CHQT
- Final logo from 2018 to 2024
- Edmonton, Alberta; Canada;
- Broadcast area: Edmonton Metropolitan Region
- Frequency: 880 kHz

Programming
- Format: All-news radio
- Affiliations: Global News

Ownership
- Owner: Corus Entertainment; (Corus Radio Company);
- Sister stations: CHED, CISN-FM, CKNG-FM, CITV-DT

History
- First air date: August 19, 1965
- Last air date: October 9, 2024
- Former frequencies: 1110 kHz (1965–1986)
- Call sign meaning: "Canada's Highest Quality Talk"

Technical information
- Class: B
- Power: 50,000 watts
- Transmitter coordinates: 53°22′7″N 113°19′5″W﻿ / ﻿53.36861°N 113.31806°W

= CHQT =

Canadian radio station (1965–2024)

CHQT was an AM radio station in Edmonton, Alberta. Owned by Corus Entertainment, the station first launched in August 1965. In June 2008, after having broadcast various music-based formats, CHQT flipped to an all-news format as a counterpart to sister news/talk station CHED.

In June 2024, CHQT was closed by owner Corus Entertainment as a part of company-wide cuts, and began to simulcast CHED for a transitional period. CHED's programming and call letters were permanently moved to CHQT's signal on October 9, 2024, with Corus citing its better coverage (while they both broadcast at the same power, CHQT was non-directional in the daytime unlike CHED, which used a directional antenna at all times).

== History ==
The station signed on August 19, 1965 on 1110 kHz, with 10,000 watts power. It originally broadcast a Middle of the road format. In 1979, CHQT started using 50,000 watts power. In 1986, the station changed frequency to 880 kHz as it was sold to Monarch Broadcasting, Ltd.

In July 2000, Shaw Broadcasting sold the station to Corus Entertainment. In June 2001, CHQT flipped to oldies as Cool 880. In October 2003, the station briefly flipped to a variety hits format as 880 Joe AM. The format moved to sister station CKNG-FM as 92.5 Joe FM on January 13, 2004, after which CHQT reverted to oldies; it is likely CHQT flipped to the format merely as a placeholder while CKNG prepared for their flip to avoid a rival company preemptively making any similar move.

On May 20, 2008, CHQT re-launched as an all-news station, branded as iNews 880, complementing sister talk radio station CHED. On May 29, 2018, the station re-branded as Global News Radio 880 Edmonton, as part of an ongoing rebranding of Corus's news/talk radio stations to create synergies with Global News television programming. As part of the rebranding, the station added an audio simulcast of Global Edmonton's Global News Hour at 6. An audio simulcast of Global News at Noon was added as of March 2019. As of July 2020, an audio-only rebroadcast of Global National aired on CHQT at 7 p.m., following the News Hour simulcast.

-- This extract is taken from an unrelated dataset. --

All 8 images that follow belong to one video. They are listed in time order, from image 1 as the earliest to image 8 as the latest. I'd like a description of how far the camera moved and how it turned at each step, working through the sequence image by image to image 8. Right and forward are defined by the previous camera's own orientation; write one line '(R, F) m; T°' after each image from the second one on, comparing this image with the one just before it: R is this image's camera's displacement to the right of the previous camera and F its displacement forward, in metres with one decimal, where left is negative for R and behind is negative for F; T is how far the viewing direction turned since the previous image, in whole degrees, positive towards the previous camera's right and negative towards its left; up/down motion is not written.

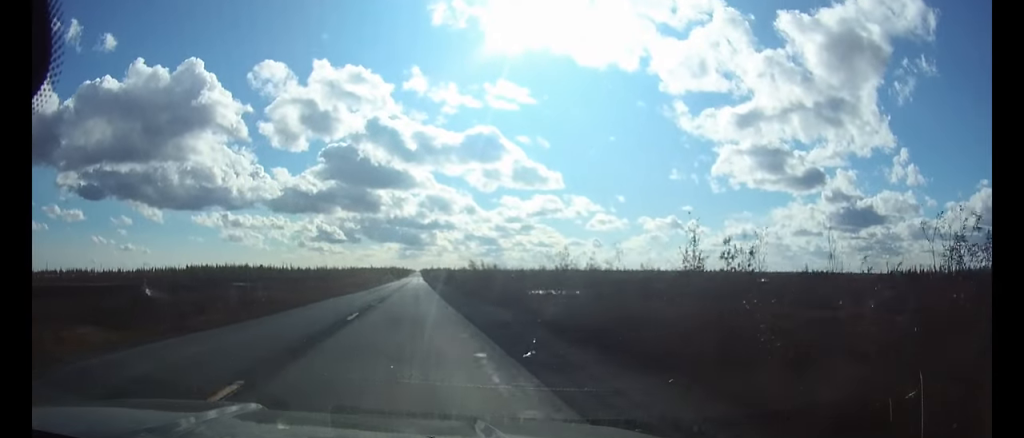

On June 26, 2024, as part of cuts by Corus, CHQT discontinued its all-news format and began simulcasting with CHED. At the time, Corus stated that the simulcast was an interim measure, and that it would ultimately only operate one news-talk AM station in Edmonton. In August 2024, Corus announced that CHQT would close, and that CHED's branding and programming would move permanently to the 880 signal on October 9, 2024. Corus stated that CHQT's signal had better coverage than that of CHED; while both stations operated at a power of 50 kilowatts, the 880 AM transmitter is non-directional during the day whereas 630 was directional at all times. The 630 AM license was formally revoked by the CRTC on January 17, 2025, and its transmitter site will be sold.